An exact copy of the entries is required, excluding any pictures.

(Dataset records)
——
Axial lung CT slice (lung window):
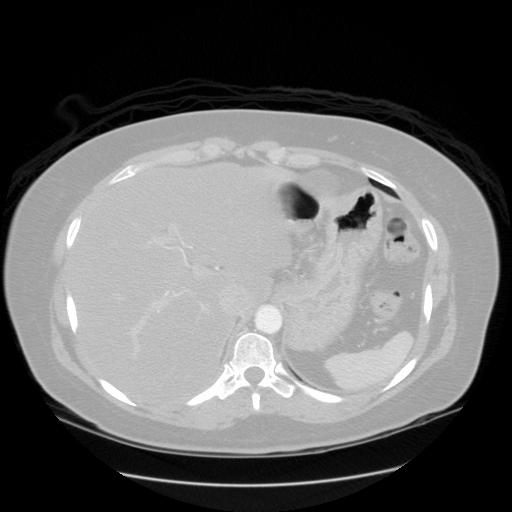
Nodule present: no
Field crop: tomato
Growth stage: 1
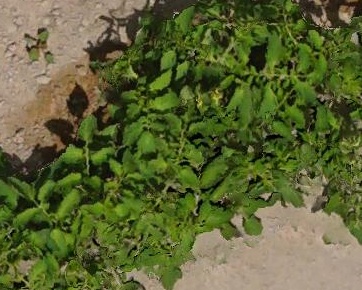
Species: tomato
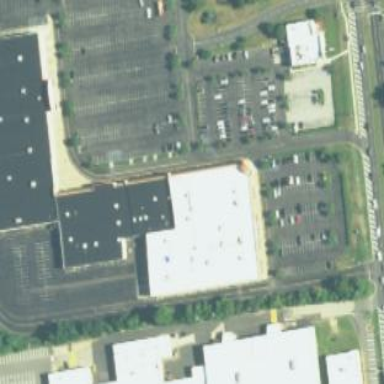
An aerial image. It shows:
——
- Answer to the exercise
Axial lung CT slice (lung window):
Nodule present: no
Field crop: tomato
Growth stage: 1
Species: tomato
An aerial image. It shows:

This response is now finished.